Sob as pressas de um olhar de soslaio, não se lhes percebe a extenuação e o desconsolo. A Manuel e Rosa já não lhes serve qualquer manipanso. Qualquer consolo, qualquer compasso de espera ou resignação, nada lhes presta, nada lhes tem valia. Eles correm aos saltos, eles tropeçam em gravetos rasteiros, eles seguem de brusco, eles continuam a seguir sempre para frente como se vislumbrassem algo, como se lhes acenassem desde fora alguma incerteza desesperada que lhes arremessa em catapulta. Será de um apito de fábricas o de que é composto o seu canto de sereia? Será de um chamamento demiúrgico ao progresso numa cartografia de chão de fábrica, este silvo, este assobio, esta voz de timbre metálico ao deserto? Nada é o que salva. Nenhuma voz, nenhuma palavra que equilibra. Tudo são toadas de prazo curto, todavia Manuel e Rosa serão refém de qualquer ensejo, ou será que não?! Estão exaustos, despovoados de crenças, dispostos a nudez de propósitos – como a se ajustar ao que se lhes chegue. Mas o quê e o tanto?

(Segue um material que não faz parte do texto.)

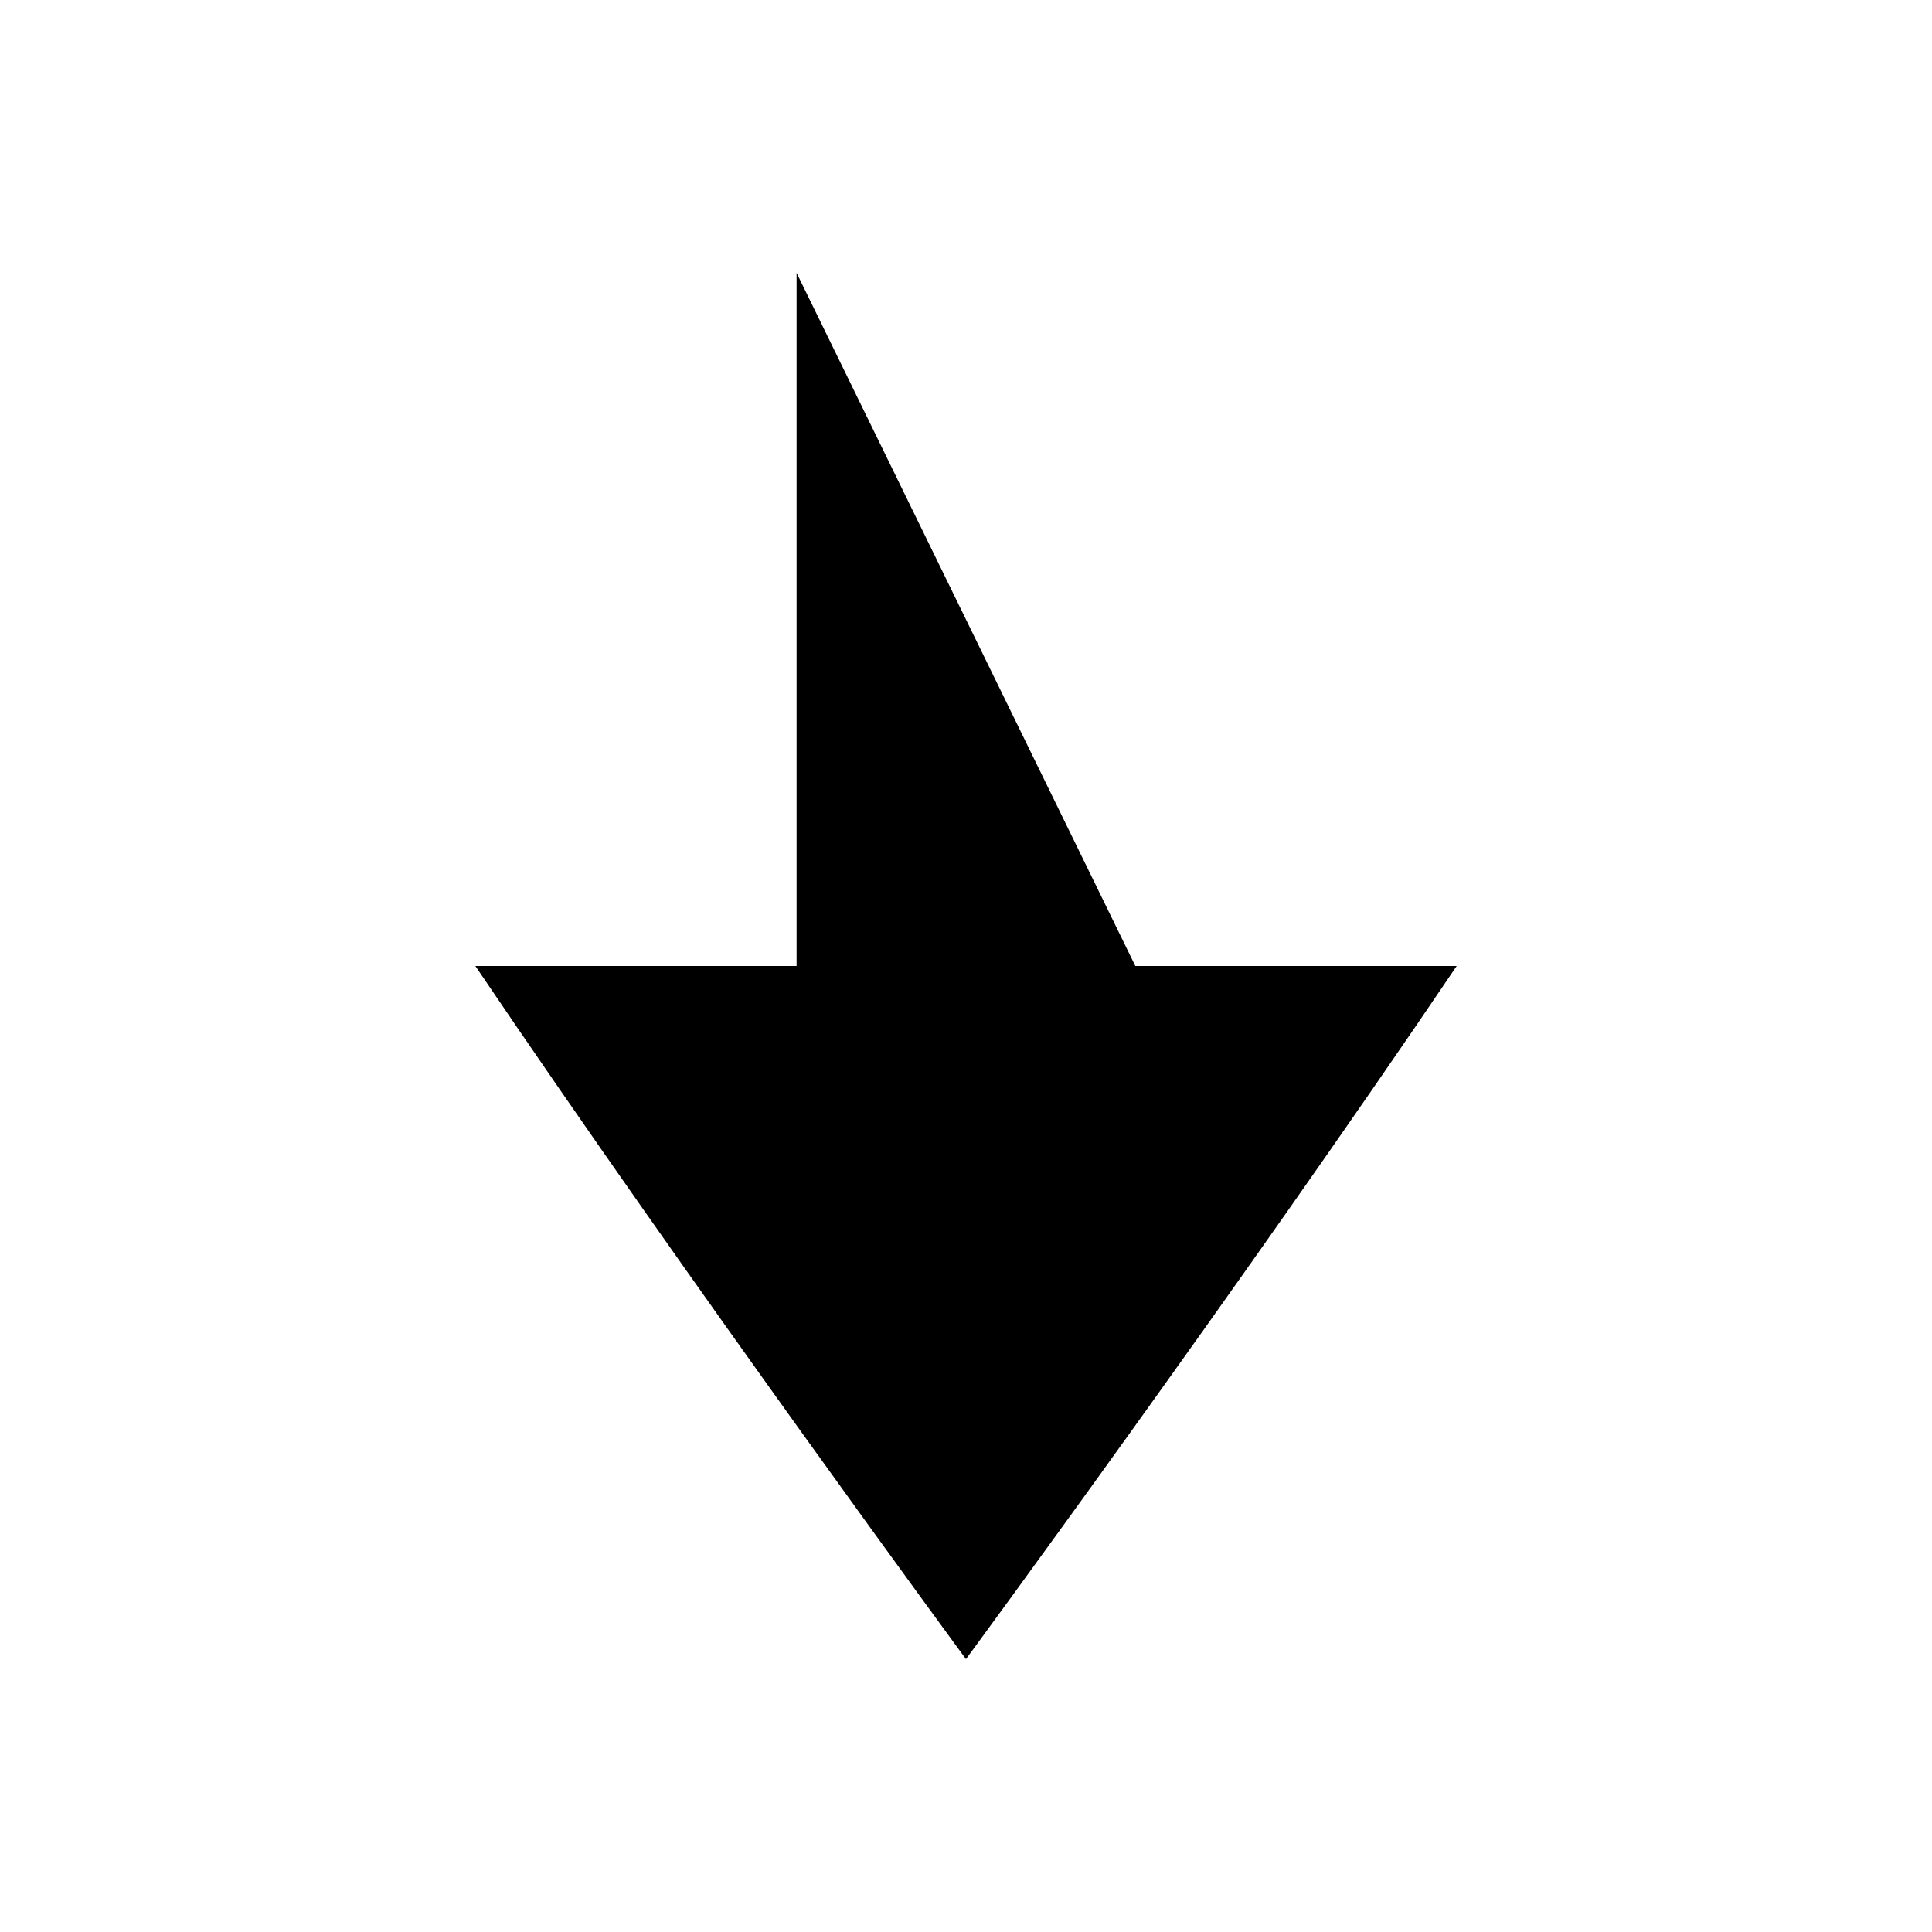 <?xml version="1.0" encoding="UTF-8"?>
<!-- Uploaded to: ICON Repo, www.svgrepo.com, Generator: ICON Repo Mixer Tools -->
<svg fill="#000000" width="800px" height="800px" version="1.1" viewBox="144 144 512 512" xmlns="http://www.w3.org/2000/svg">
 <path d="m530.04 400c-57.426 84.984-130.05 183.68-130.05 183.68s-72.598-98.707-130.02-183.68h85.133v-183.68l89.77 183.68z"/>
</svg>
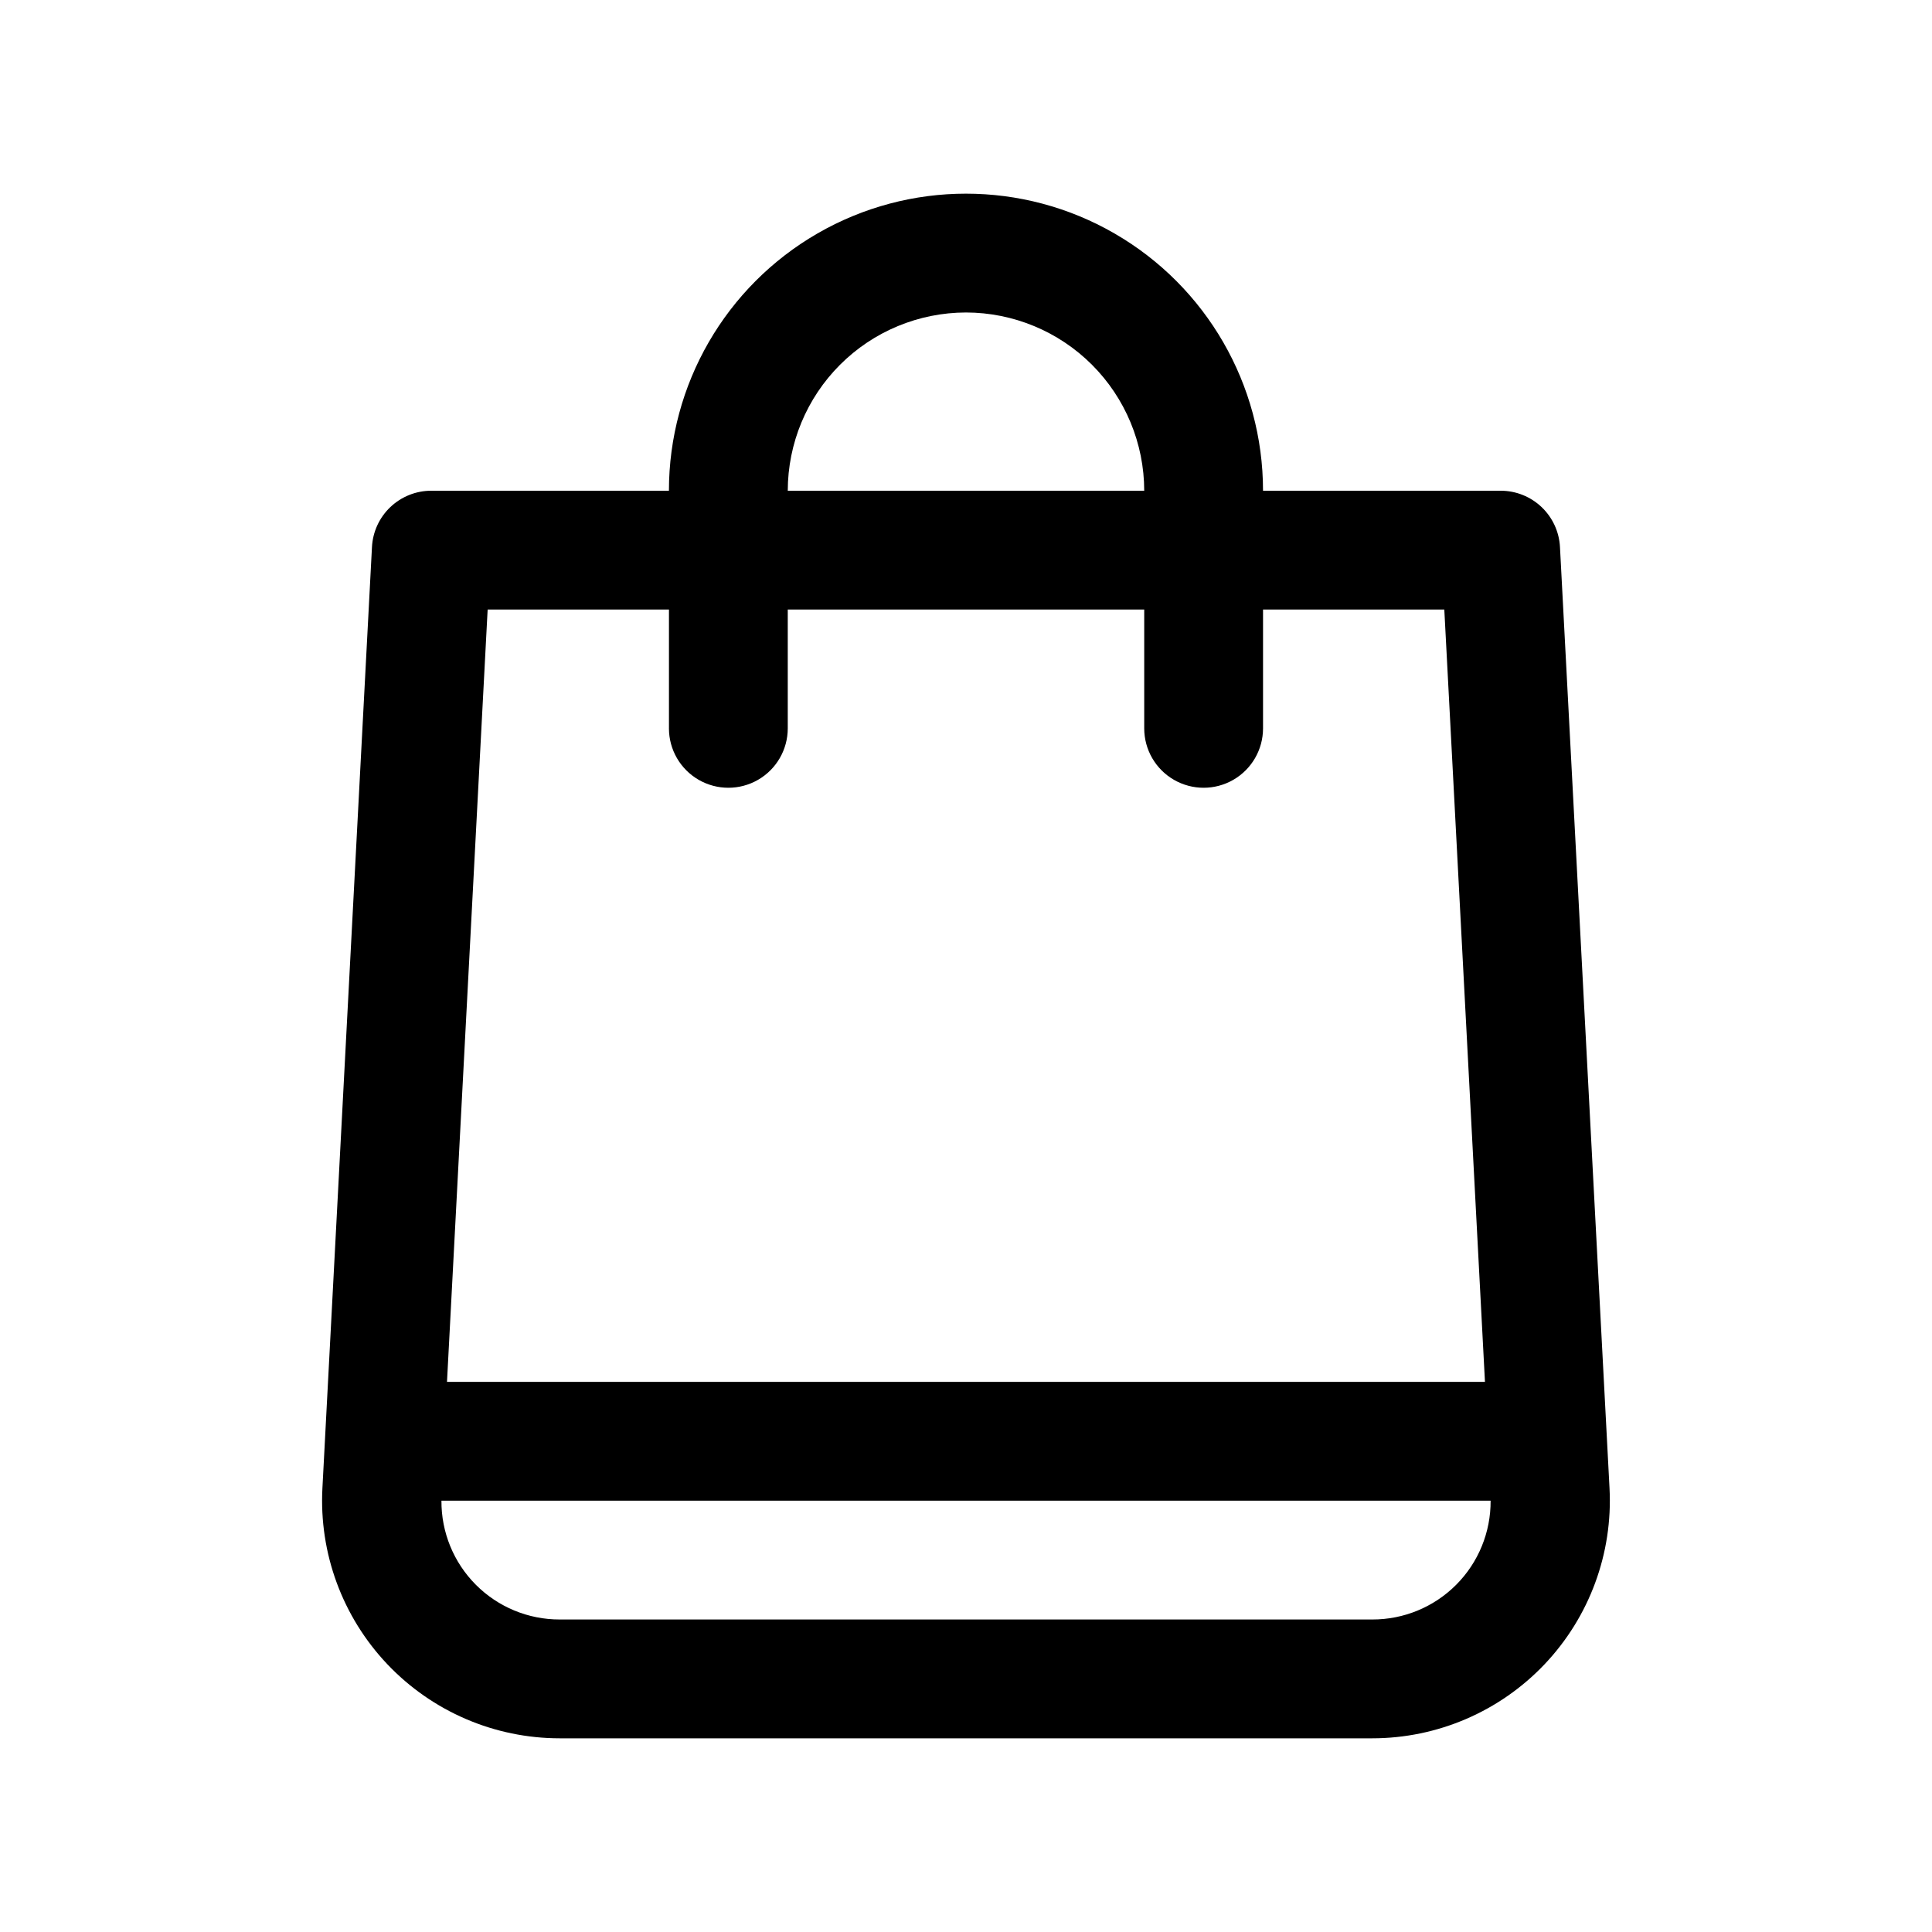 <?xml version="1.0" encoding="UTF-8"?>
<!-- Uploaded to: SVG Repo, www.svgrepo.com, Generator: SVG Repo Mixer Tools -->
<svg fill="#000000" width="800px" height="800px" version="1.1" viewBox="144 144 512 512" xmlns="http://www.w3.org/2000/svg">
 <path d="m557.41 288.96c-0.211-4.027-1.961-7.816-4.887-10.594-2.922-2.773-6.801-4.32-10.832-4.32h-62.977c0-28.125-15.004-54.113-39.359-68.176s-54.363-14.062-78.723 0c-24.355 14.062-39.359 40.051-39.359 68.176h-62.977c-4.031 0-7.906 1.547-10.832 4.32-2.926 2.777-4.676 6.566-4.887 10.594l-13.133 249.43c-0.906 17.25 5.316 34.117 17.207 46.652 11.891 12.531 28.41 19.629 45.688 19.629h215.31c17.273 0 33.793-7.098 45.684-19.629 11.891-12.535 18.113-29.402 17.207-46.652zm-157.41-62.148c12.52 0.016 24.527 4.996 33.383 13.852 8.852 8.855 13.836 20.859 13.848 33.383h-94.465c0.016-12.523 4.996-24.527 13.852-33.383 8.852-8.855 20.859-13.836 33.383-13.852zm-78.719 78.719v31.488l-0.004 0.004c0 5.625 3 10.82 7.871 13.633 4.875 2.812 10.875 2.812 15.746 0 4.871-2.812 7.871-8.008 7.871-13.633v-31.488h94.465v31.488c0 5.625 3 10.82 7.871 13.633 4.871 2.812 10.875 2.812 15.746 0s7.871-8.008 7.871-13.633v-31.488h48.039l10.773 204.67h-275.07l10.773-204.67h48.039zm186.38 267.65h-215.31c-8.348 0.023-16.359-3.293-22.25-9.207-5.891-5.91-9.172-13.934-9.113-22.281h278.04c0.055 8.348-3.227 16.371-9.117 22.281-5.891 5.914-13.902 9.23-22.246 9.207z"/>
</svg>

Talvez que um santo como lhe fora Sebastião, o beato, mas não mais lhes tirasse do caminho. Talvez que a Ilha de ouro, o outro lado do monte, o verde da campina, a chuva que povoasse a lavoura de um solo fértil e febril lhes fosse uma voz de nada, uma letra solta envolta em abstrações que já não tem serventia. Talvez que a purificação do sangue no sacrifício dos inocentes, a provação das rochas, a hora avulsa do Ângelus, o arrastar-se de joelhos à educação pelas pedras, mas nada que isso, não mais este aluvio.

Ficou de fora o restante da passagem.